(Dataset items)
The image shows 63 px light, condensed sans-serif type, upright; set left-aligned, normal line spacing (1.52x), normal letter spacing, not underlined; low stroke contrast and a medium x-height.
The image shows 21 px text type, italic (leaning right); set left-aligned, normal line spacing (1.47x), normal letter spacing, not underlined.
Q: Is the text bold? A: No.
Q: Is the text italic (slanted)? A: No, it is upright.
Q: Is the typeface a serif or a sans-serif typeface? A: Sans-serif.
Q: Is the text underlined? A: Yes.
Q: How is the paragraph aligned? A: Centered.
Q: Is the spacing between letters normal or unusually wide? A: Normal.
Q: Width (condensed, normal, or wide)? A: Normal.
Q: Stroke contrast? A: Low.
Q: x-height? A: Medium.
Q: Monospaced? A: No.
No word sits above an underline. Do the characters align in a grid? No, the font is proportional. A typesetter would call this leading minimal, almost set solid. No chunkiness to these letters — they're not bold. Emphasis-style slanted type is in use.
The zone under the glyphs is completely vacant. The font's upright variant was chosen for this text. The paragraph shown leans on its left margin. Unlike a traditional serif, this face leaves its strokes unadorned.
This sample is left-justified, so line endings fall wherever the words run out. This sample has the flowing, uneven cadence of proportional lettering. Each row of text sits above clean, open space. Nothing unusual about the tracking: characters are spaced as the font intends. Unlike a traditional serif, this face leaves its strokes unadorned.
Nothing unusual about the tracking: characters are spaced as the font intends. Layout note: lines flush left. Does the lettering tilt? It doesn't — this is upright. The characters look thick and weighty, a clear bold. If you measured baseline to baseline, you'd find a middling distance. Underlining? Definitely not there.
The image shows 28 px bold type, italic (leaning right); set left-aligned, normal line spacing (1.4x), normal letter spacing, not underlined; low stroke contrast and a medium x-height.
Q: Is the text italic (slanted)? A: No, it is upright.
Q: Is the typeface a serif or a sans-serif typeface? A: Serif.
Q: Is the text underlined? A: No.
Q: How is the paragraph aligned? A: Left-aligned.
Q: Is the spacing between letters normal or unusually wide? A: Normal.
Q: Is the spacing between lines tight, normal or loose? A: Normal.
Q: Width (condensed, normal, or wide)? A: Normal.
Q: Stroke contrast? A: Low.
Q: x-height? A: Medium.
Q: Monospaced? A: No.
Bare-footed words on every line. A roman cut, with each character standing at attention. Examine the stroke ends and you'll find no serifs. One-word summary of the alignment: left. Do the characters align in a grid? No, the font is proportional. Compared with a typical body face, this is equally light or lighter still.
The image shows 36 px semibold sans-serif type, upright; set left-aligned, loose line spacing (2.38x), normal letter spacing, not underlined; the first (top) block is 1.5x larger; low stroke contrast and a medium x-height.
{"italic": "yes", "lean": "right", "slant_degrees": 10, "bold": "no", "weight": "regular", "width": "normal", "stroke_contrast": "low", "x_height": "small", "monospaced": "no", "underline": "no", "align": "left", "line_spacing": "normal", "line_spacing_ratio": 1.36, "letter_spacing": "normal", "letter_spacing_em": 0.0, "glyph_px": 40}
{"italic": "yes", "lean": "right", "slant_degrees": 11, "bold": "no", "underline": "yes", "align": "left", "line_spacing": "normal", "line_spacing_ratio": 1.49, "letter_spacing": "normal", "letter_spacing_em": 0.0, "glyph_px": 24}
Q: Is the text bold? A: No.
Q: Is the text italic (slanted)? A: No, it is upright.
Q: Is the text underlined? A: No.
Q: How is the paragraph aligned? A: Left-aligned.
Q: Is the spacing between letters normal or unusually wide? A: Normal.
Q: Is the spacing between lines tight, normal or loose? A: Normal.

## Problem to solve
Each line from the start of the records through the line holding "No word sits" must be returned exactly; nothing else belongs in the answer.

## Solution to this exercise
The image shows 63 px light, condensed sans-serif type, upright; set left-aligned, normal line spacing (1.52x), normal letter spacing, not underlined; low stroke contrast and a medium x-height.
The image shows 21 px text type, italic (leaning right); set left-aligned, normal line spacing (1.47x), normal letter spacing, not underlined.
Q: Is the text bold? A: No.
Q: Is the text italic (slanted)? A: No, it is upright.
Q: Is the typeface a serif or a sans-serif typeface? A: Sans-serif.
Q: Is the text underlined? A: Yes.
Q: How is the paragraph aligned? A: Centered.
Q: Is the spacing between letters normal or unusually wide? A: Normal.
Q: Width (condensed, normal, or wide)? A: Normal.
Q: Stroke contrast? A: Low.
Q: x-height? A: Medium.
Q: Monospaced? A: No.
No word sits above an underline. Do the characters align in a grid? No, the font is proportional. A typesetter would call this leading minimal, almost set solid. No chunkiness to these letters — they're not bold. Emphasis-style slanted type is in use.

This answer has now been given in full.